Ah exciting Sarah!  Keep us posted 😝


----------



## Sarahlo

Thanks Sally will do. x


----------



## Sarahlo

Hello me again!!

clinic called earlier than expected and they have confirmed pregnancy very happy with my levels sixty something can't remember. nothing to indicate carrying multiples but will know for sure at my scan that's booked in 2 weeks today. So happy 😊

I'm praying everyone gets their BFP soon xx


----------



## Sarahlo

Oh and I have to pop into clinic at 9am to pick up more cyclogest as just the one left. x


----------



## Dora26

How weird Lisa!! We are staying in Tregenna Castle!!

Sending you hugs Sally  

That's great news Sarah! So pleased for you! 

x


----------



## Blueestone

Fantastic!! Congratulations!!


----------



## lisalou1234

Hey girls.. Arrived in Cornwall! Lol!
Dora and ask any af?
Sally how do you feel about tomorrow!?
Lovely to hear your results Sarah... So cool!!
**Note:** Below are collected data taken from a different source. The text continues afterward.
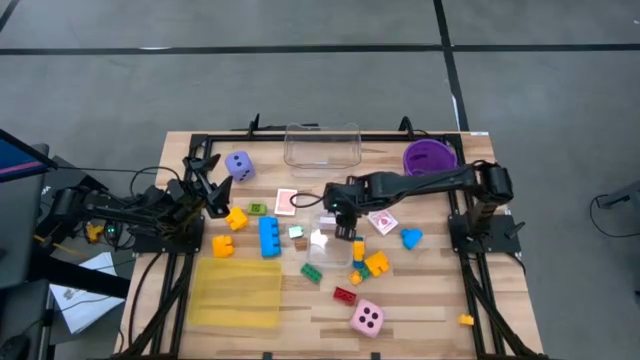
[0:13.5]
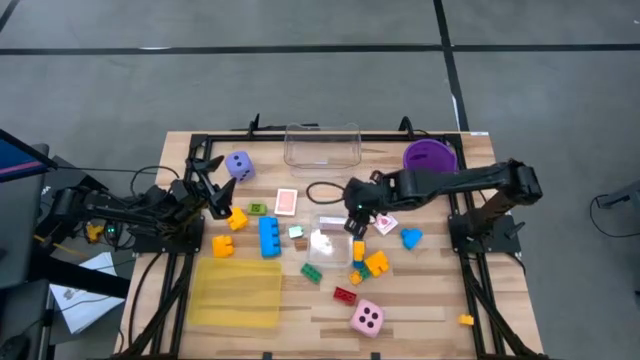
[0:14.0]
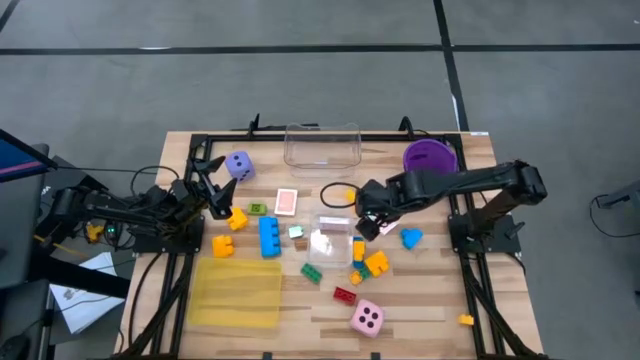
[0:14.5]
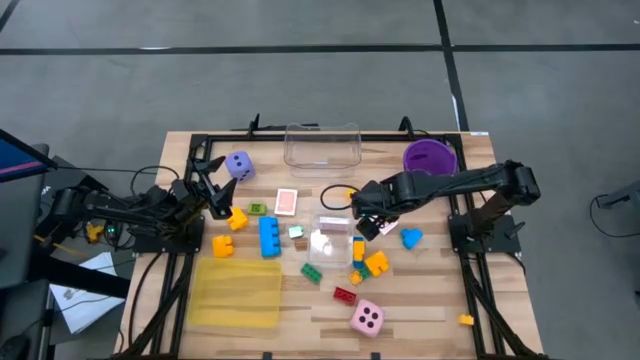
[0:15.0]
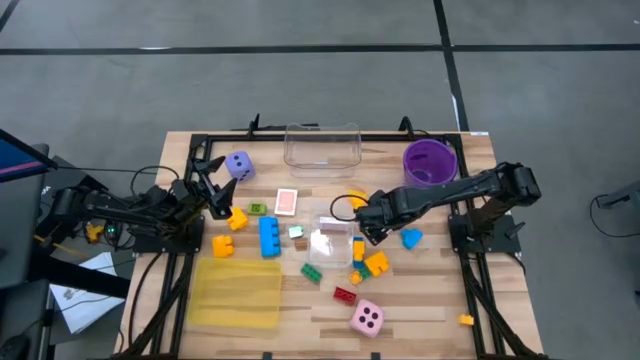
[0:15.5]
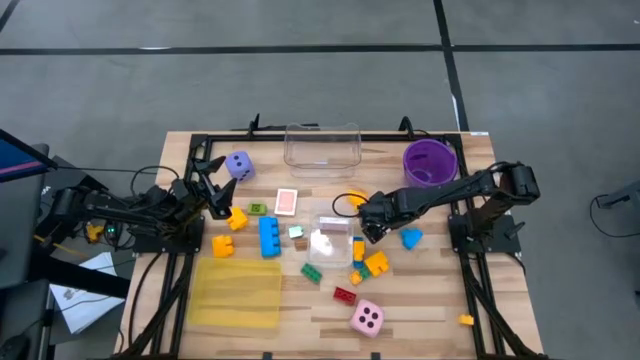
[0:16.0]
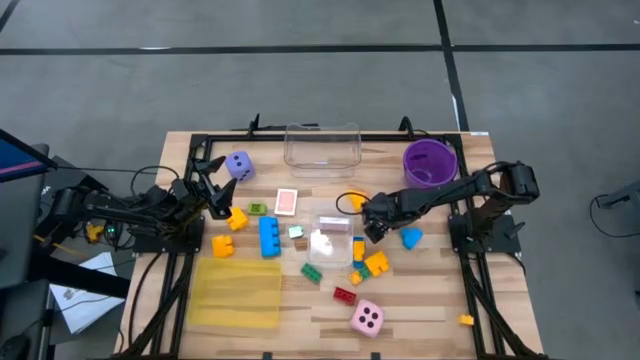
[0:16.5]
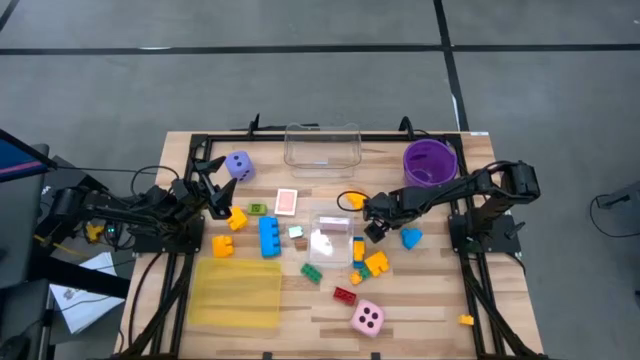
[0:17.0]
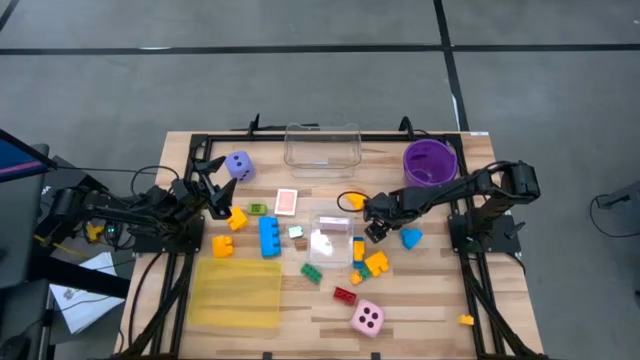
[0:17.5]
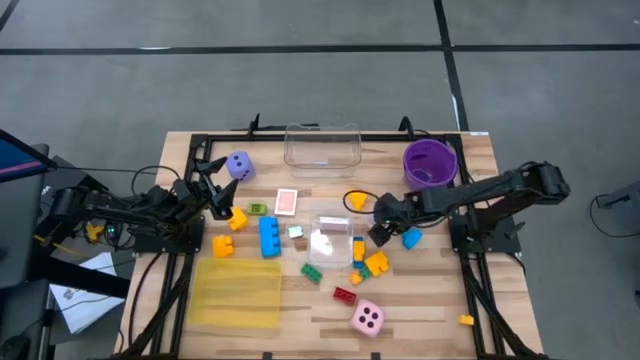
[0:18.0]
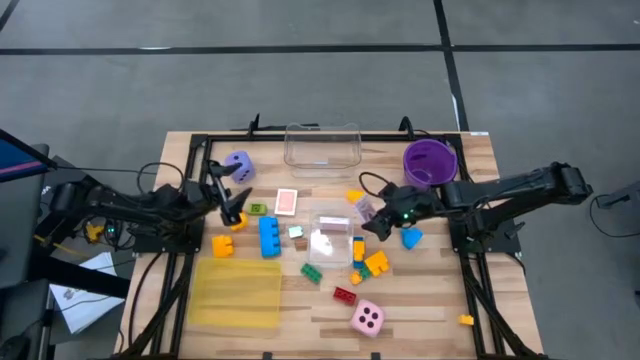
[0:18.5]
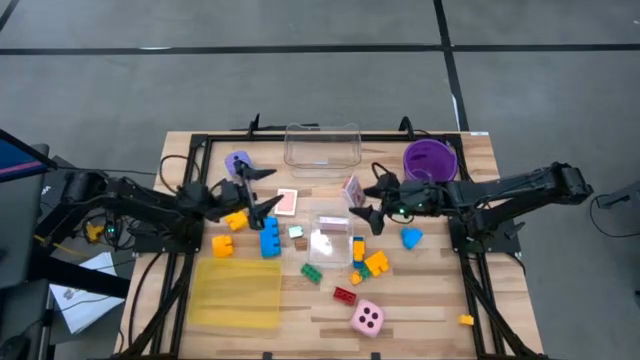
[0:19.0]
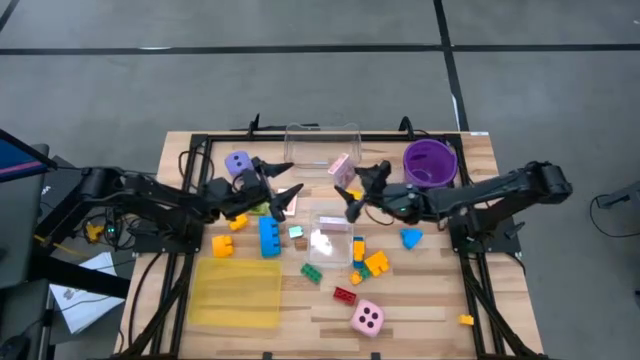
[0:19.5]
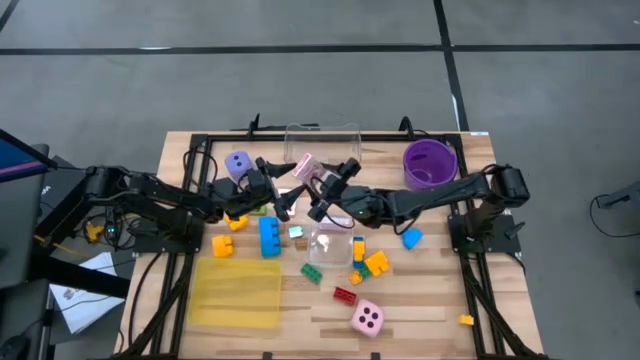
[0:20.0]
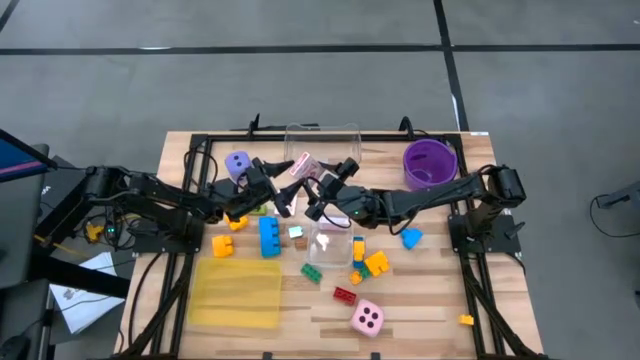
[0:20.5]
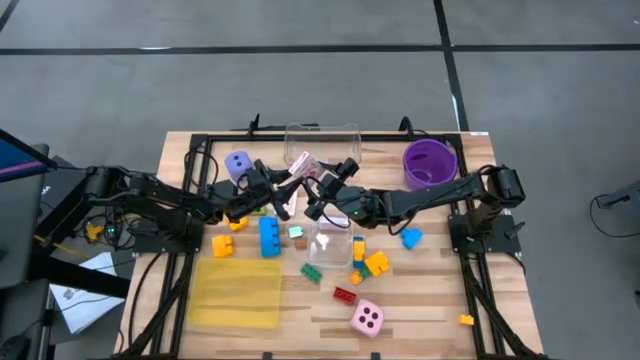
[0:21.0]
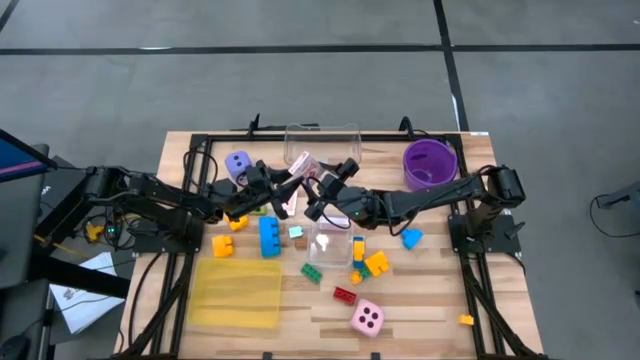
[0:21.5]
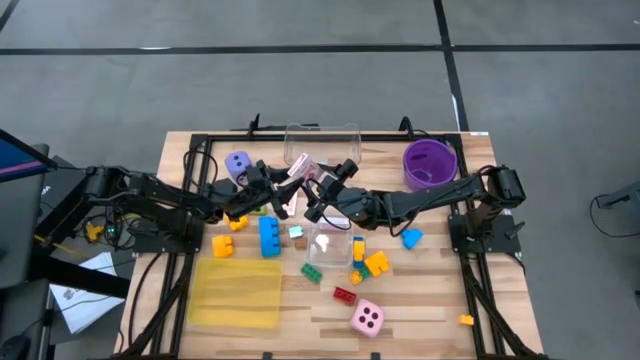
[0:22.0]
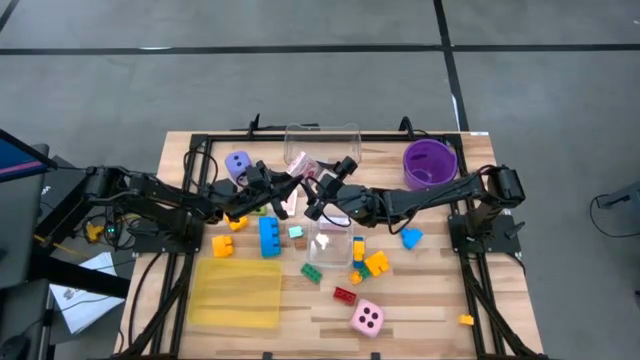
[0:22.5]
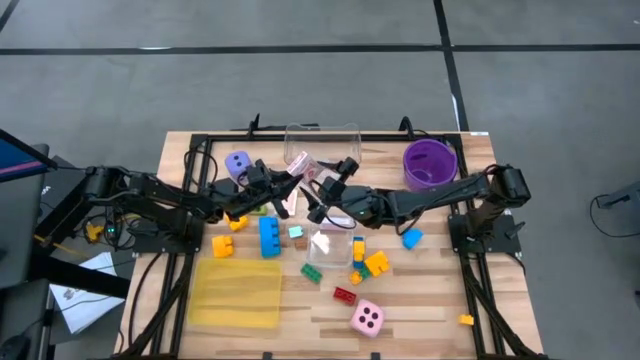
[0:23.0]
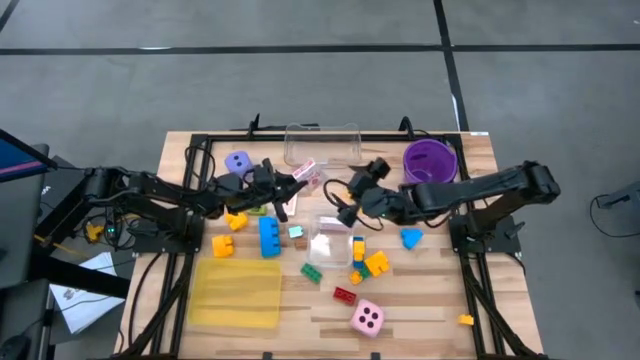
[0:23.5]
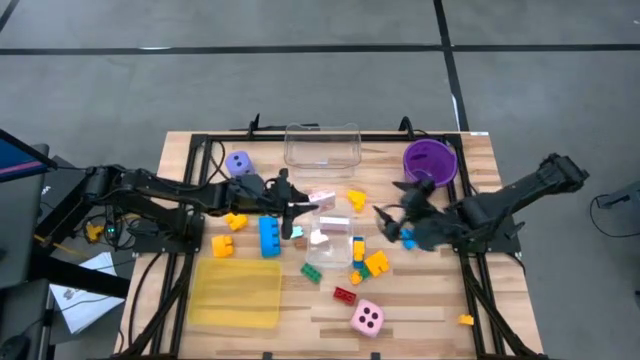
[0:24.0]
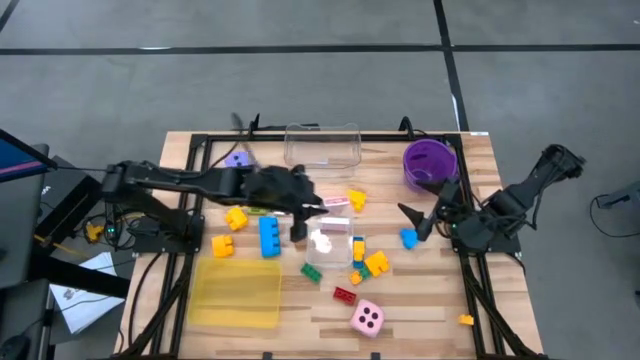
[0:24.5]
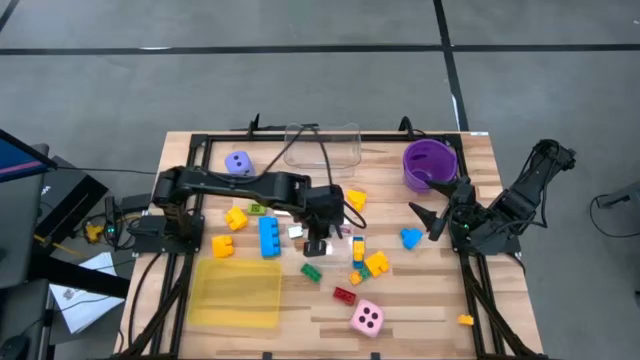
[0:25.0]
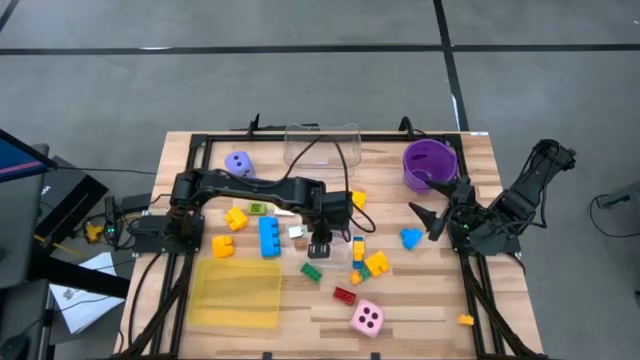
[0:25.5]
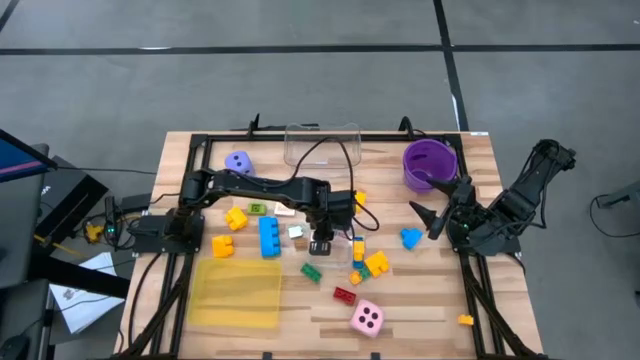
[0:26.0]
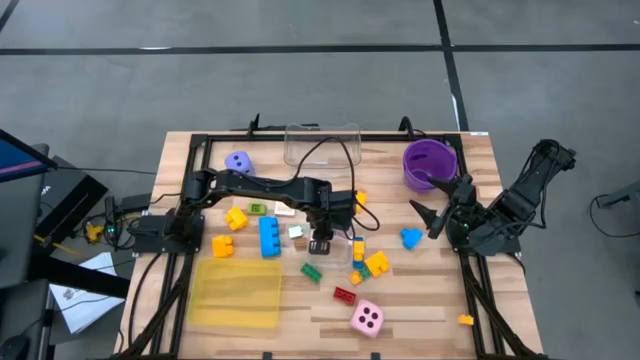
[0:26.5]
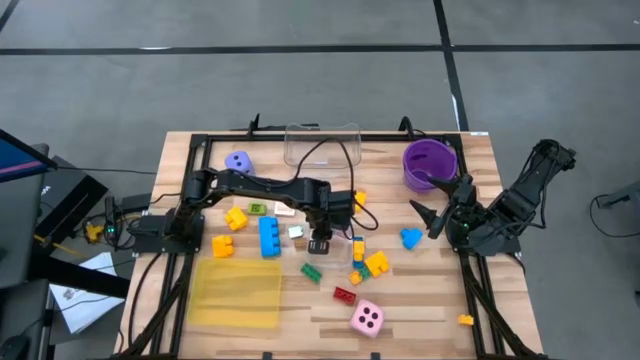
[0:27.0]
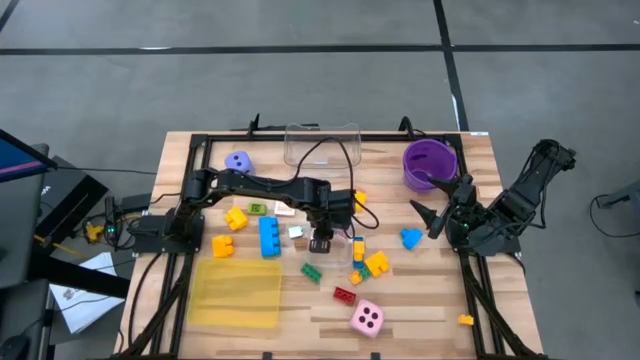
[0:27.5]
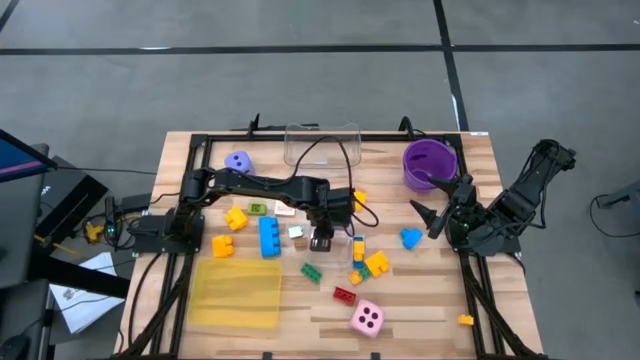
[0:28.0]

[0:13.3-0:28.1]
Task: Pick & Place Toys
Put the red playing card box into the bottom transparent bin

My boobs hurt loads today and feel like they are stinging and prickly.. Defo not trigger as it's been out for 7 days nows.. Di u think it could be Cyclogest? Xx


----------



## Sarahlo

Morning girlies!!

Sally how are you this morning, hoping that its good news if not then a rest next cycle will do you the world of good and you will be more focussed on the next cycle.

Lisa you doing ok??

Dora Ask has AF made her appearance yet at all?

Hope everyone else is well. I am just off to the clinic to pick up some more of the lovely cyclogest!! x


----------



## Sallyt31

AF arrived in the night ladies, well the horrific pain and cramps did but she's taking her time to release so it's slooooowwww and painful 😪
I intend to enjoy my holiday now and come back fighting end of month and if it's no I'll start researching Spain DE for next year.  
I cried and felt down last night and couldn't speak to anyone but I'm back again now, I won't give in yet! 
Good news on your results Sarah all so exciting and hopefully we will all join you soon x


----------



## lisalou1234

Oh Sally! When my af came after my iui last month it was auful and hurt so much! Feels so cruel doesn't it!! I feel your pain! What does de mean Hun? Xx next month is your month Sally!!!!!!!

I've had a rough night felt sick and had head ache all night! Not sure if it's a bug or cyclogest or stress!! Lol any ideas?
In my other cycle my af arrived today so I'm on blood check!!

Any idea on the Boob thing I wrote yesterday!!?? Xx


----------



## Sarahlo

Oh no Sally i'm so sorry that this time it didn't work out. But as you said keep fighting hun it will happen for you soon i have a good feeling.

Lisa - the cyclogest should keep your AF away so dont panick about AF arriving soon hun.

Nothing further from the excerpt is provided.